In order to confirm the effect of the combined administration of Donepezil and Sildenafil on improving cognitive function, (1) normal mouse vehicle (designated as WT vehicle, 0.5% methyl cellulose 5 ml/kg, n = 5) was used. , (2) mutant mice (denoted as MT vehicle, 0.5% methylcellulose 5 ml/kg, n = 5), (3) MT donepezil (2 mg/kg administered alone, n = 4), and (4) - ( 5) Divide into MT donepezil + sildenafil (donepezil 1 mg/kg + sildenafil 2 mg/kg combined administration, n = 5 and donepezil 2 mg/kg + sildenafil 2 mg/kg combined administration, n = 5) groups and give each group oral administration for 4 weeks. conduct.

As a result, when compared with the mutant mouse vehicle administration group in the escape latency period (latency) on the final day (DAY 4) of learning performance, the escape latency period of the donepezil and sildenafil combination administration group was longer than that of the mutant mouse group administered with donepezil 2 mg/kg alone. was shown to be significantly reduced (Table 2 or Figure 2A).

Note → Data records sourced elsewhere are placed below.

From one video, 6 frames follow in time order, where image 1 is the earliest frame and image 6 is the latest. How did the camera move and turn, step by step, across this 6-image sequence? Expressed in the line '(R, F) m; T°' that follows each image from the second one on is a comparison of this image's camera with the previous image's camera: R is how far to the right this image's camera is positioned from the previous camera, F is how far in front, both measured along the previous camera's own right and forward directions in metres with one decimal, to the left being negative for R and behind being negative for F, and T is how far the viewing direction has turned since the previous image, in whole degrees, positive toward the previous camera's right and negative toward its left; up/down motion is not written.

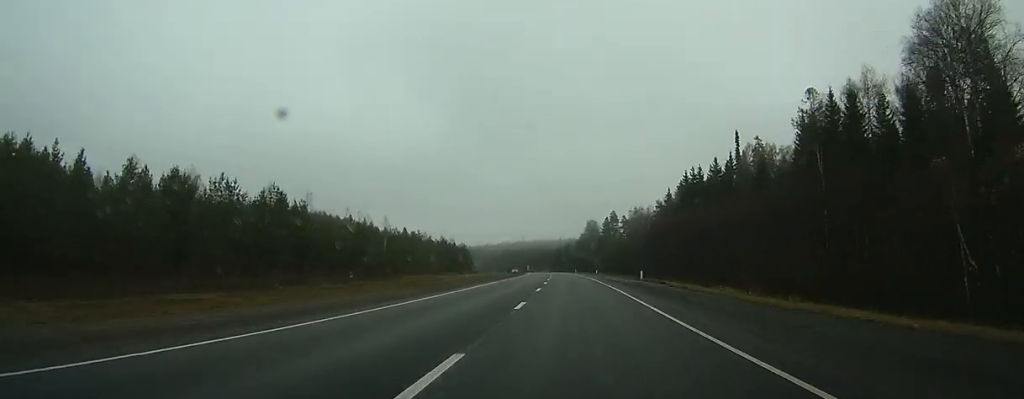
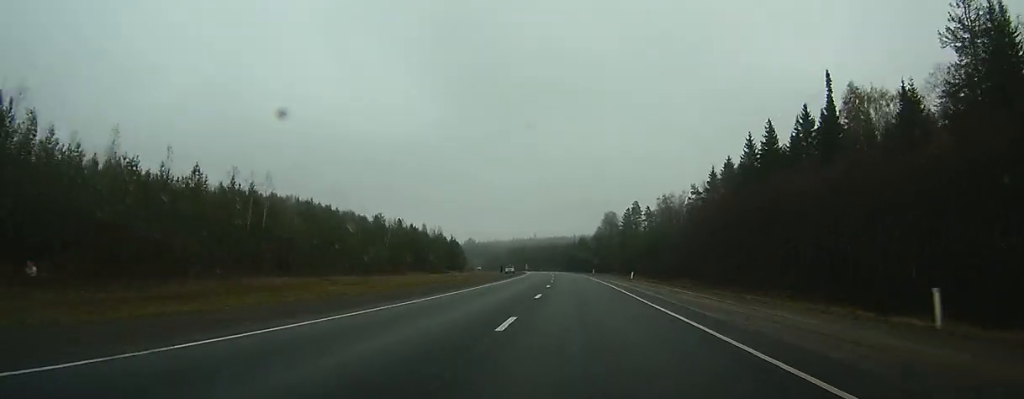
(-0.1, +43.1) m; -1°
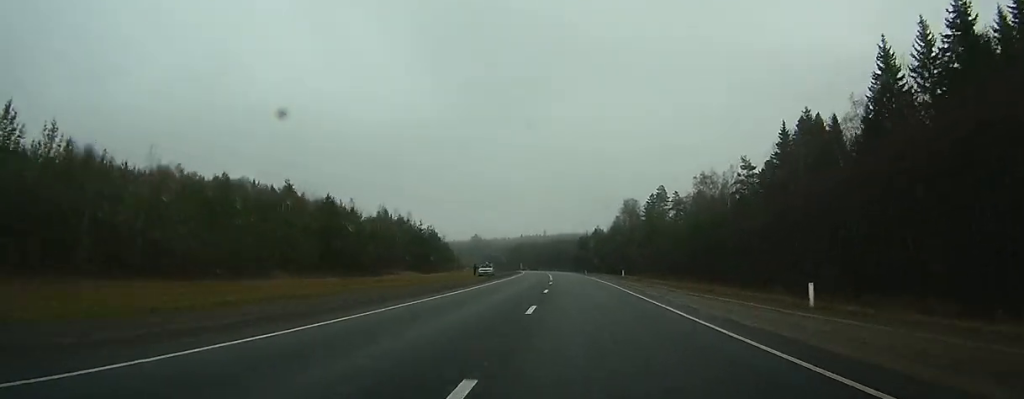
(-0.4, +44.0) m; -1°
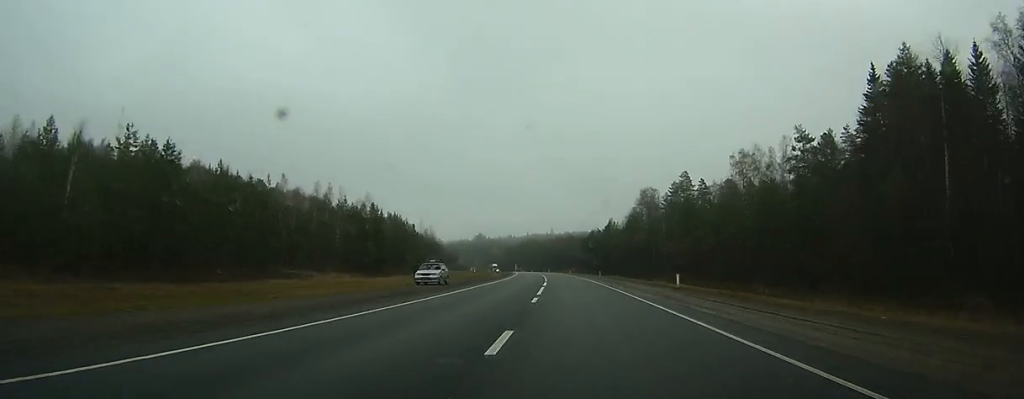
(-0.2, +30.7) m; -1°
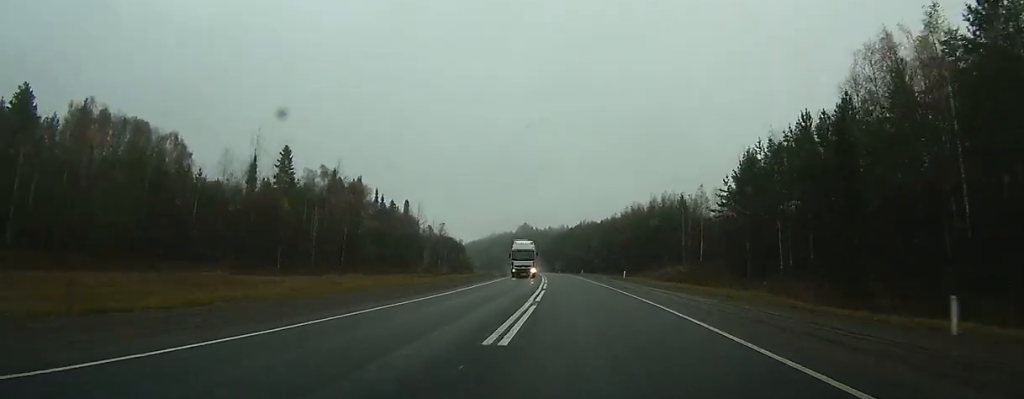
(-5.5, +124.7) m; -5°
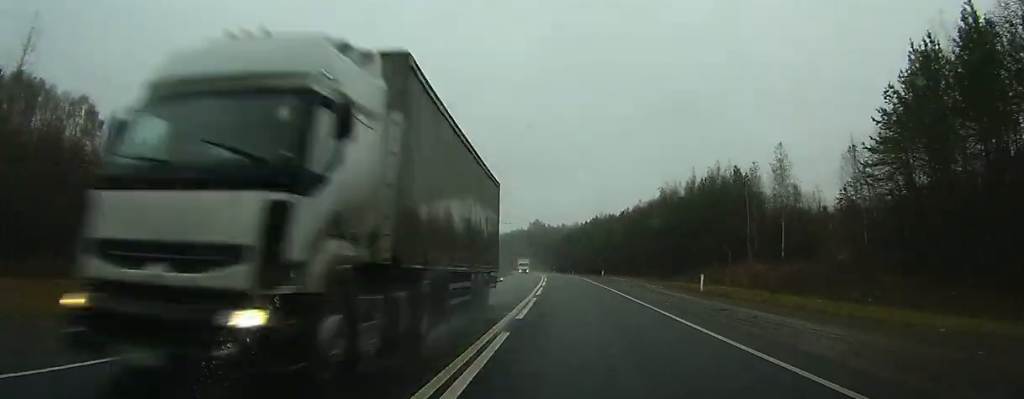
(-0.3, +30.5) m; -1°
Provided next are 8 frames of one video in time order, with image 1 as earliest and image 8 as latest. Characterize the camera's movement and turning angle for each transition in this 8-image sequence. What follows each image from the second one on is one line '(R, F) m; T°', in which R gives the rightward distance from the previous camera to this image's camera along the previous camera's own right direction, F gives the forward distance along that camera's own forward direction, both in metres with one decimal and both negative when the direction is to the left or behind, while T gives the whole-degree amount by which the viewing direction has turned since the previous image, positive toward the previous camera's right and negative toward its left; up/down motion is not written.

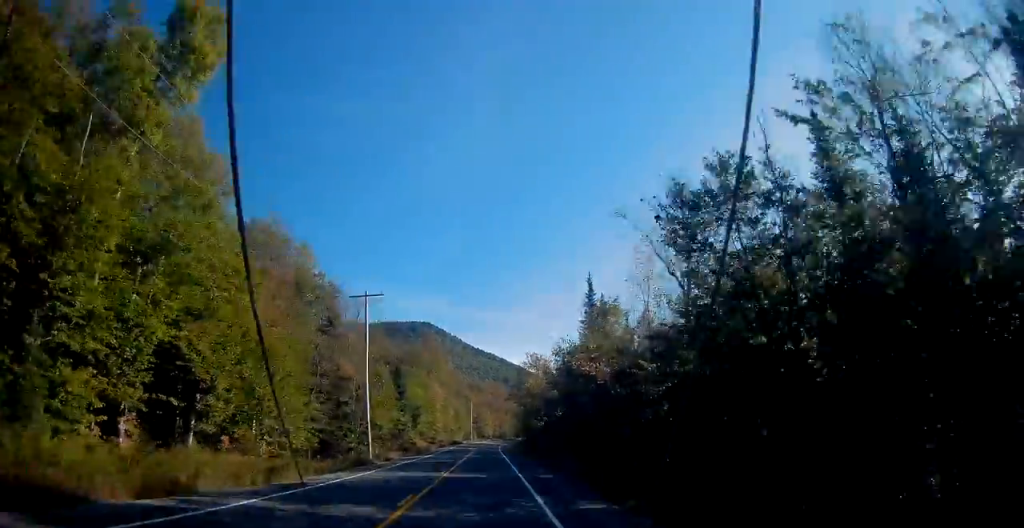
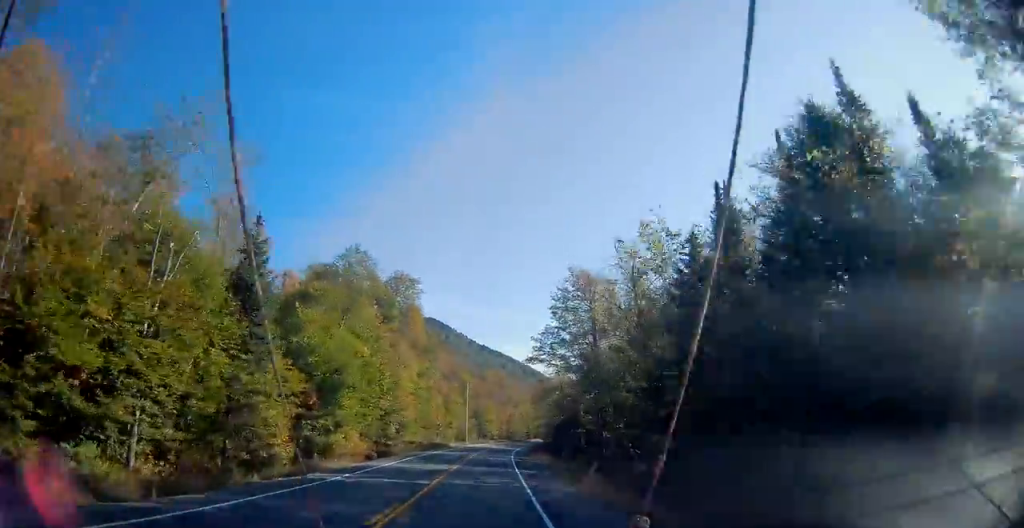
(-0.1, +52.0) m; 0°
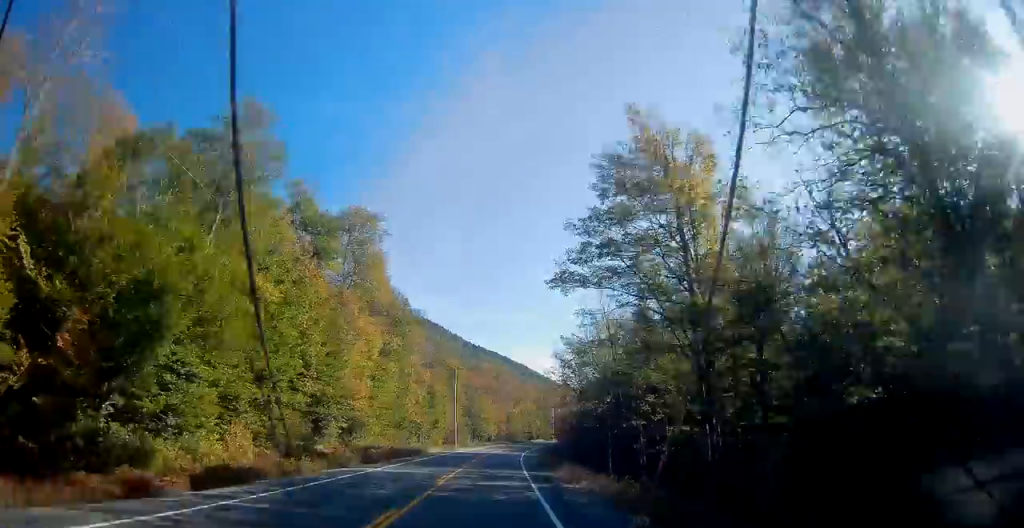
(0.0, +25.3) m; 0°
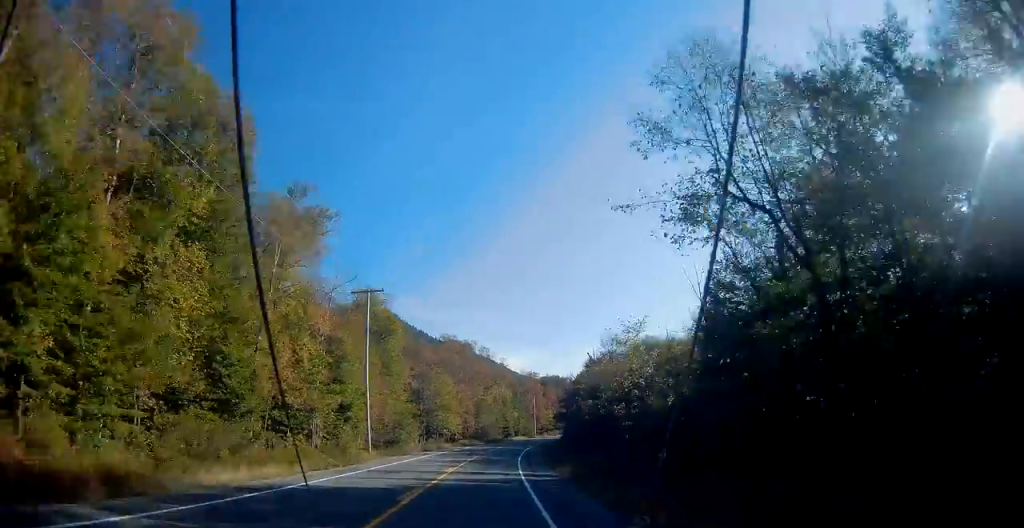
(+0.4, +44.2) m; +2°
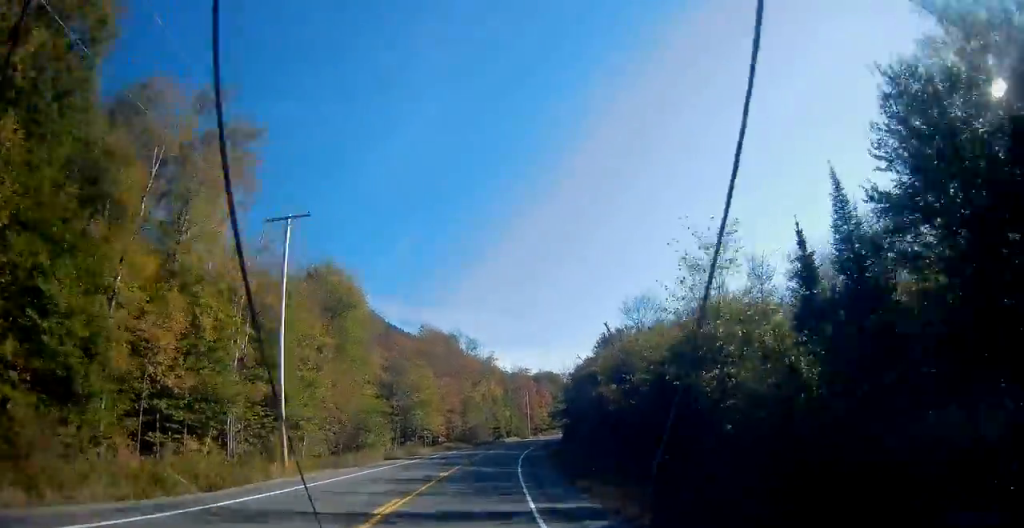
(+0.1, +14.6) m; +1°
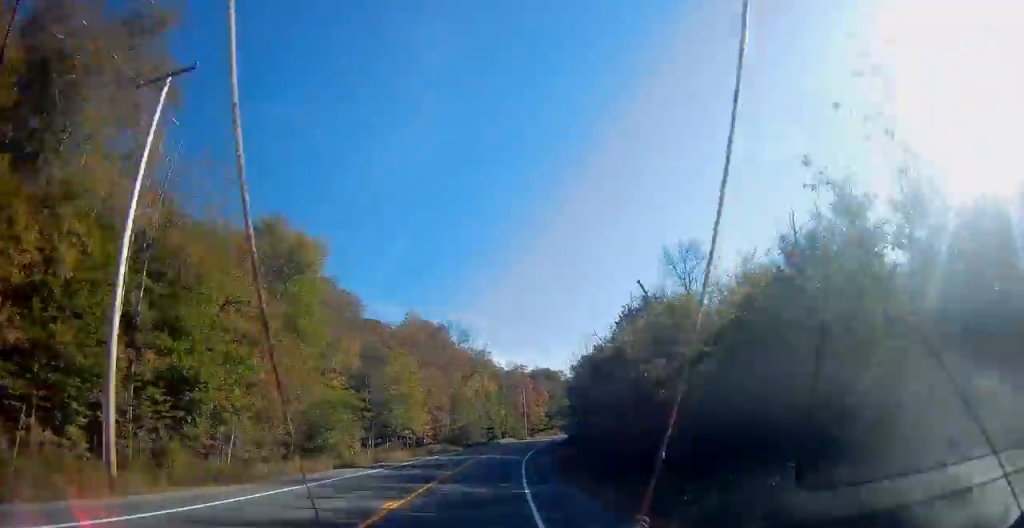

The data in the above table shows that the escape latency decreased by 14.2% in the donepezil 2 mg/kg single administration group and by 56.28% in the donepezil 2 mg/kg and sildenafil 2 mg/kg combined administration group, with respect to the mutant mouse vehicle group. show.

In addition, it was confirmed that the time spent in quadrants of the mutant mice was significantly increased in the donepezil and sildenafil combined administration group (donepezil 2 mg/kg and sildenafil 2 mg/kg) compared to the donepezil single administration group. (Table 3 or Figure 2B).

The data in the above table shows that the time spent in the four target quadrants is 73.20% for the donepezil 2 mg/kg single administration group and 153.2% for the donepezil 2 mg/kg and sildenafil 2 mg/kg combined administration group, based on the mutant mouse vehicle group. This represents an increase of 78%.

This indicates that the combined administration of donepezil and sildenafil improved memory and learning ability more significantly than the improvement effect of donepezil administration alone. In particular, in the combination administration group, it was reconfirmed that the improvement effect on cognitive function was maximized in the weight ratio of donepezil and sildenafil in the range of 1:0.6 to 1:2.0, as confirmed in Figure 1.

Claims (8)

A composition for preventing, treating or improving Alzheimer's disease or cognitive dysfunction, comprising (i) donepezil or a pharmaceutically acceptable salt thereof; and (ii) sildenafil or a pharmaceutically acceptable salt thereof. thing. According to claim 1, the weight ratio of (i) donepezil or a pharmaceutically acceptable salt thereof; and (ii) sildenafil or a pharmaceutically acceptable salt thereof is from 1:0.6 to 1:2.0. Compositions as described. 2. The composition of claim 1, wherein (i) donepezil or a pharmaceutically acceptable salt thereof; and (ii) sildenafil or a pharmaceutically acceptable salt thereof are administered simultaneously or separately. 2. The composition of claim 1, which is a complex dosage form comprising (i) donepezil or a pharmaceutically acceptable salt thereof; and (ii) sildenafil or a pharmaceutically acceptable salt thereof. 4. The combined dosage form comprises (i) 2.5-23 mg of donepezil or a pharmaceutically acceptable salt thereof; and (ii) 2.5-50 mg of sildenafil or a pharmaceutically acceptable salt thereof. The composition described in. The composition according to claim 1, which is a pharmaceutical composition or a food composition. A composition for improving cognitive function comprising (i) donepezil or a pharmaceutically acceptable salt thereof; and (ii) sildenafil or a pharmaceutically acceptable salt thereof. According to claim 7, the weight ratio of (i) donepezil or a pharmaceutically acceptable salt thereof; and (ii) sildenafil or a pharmaceutically acceptable salt thereof is from 1:0.6 to 1:2.0. Compositions as described.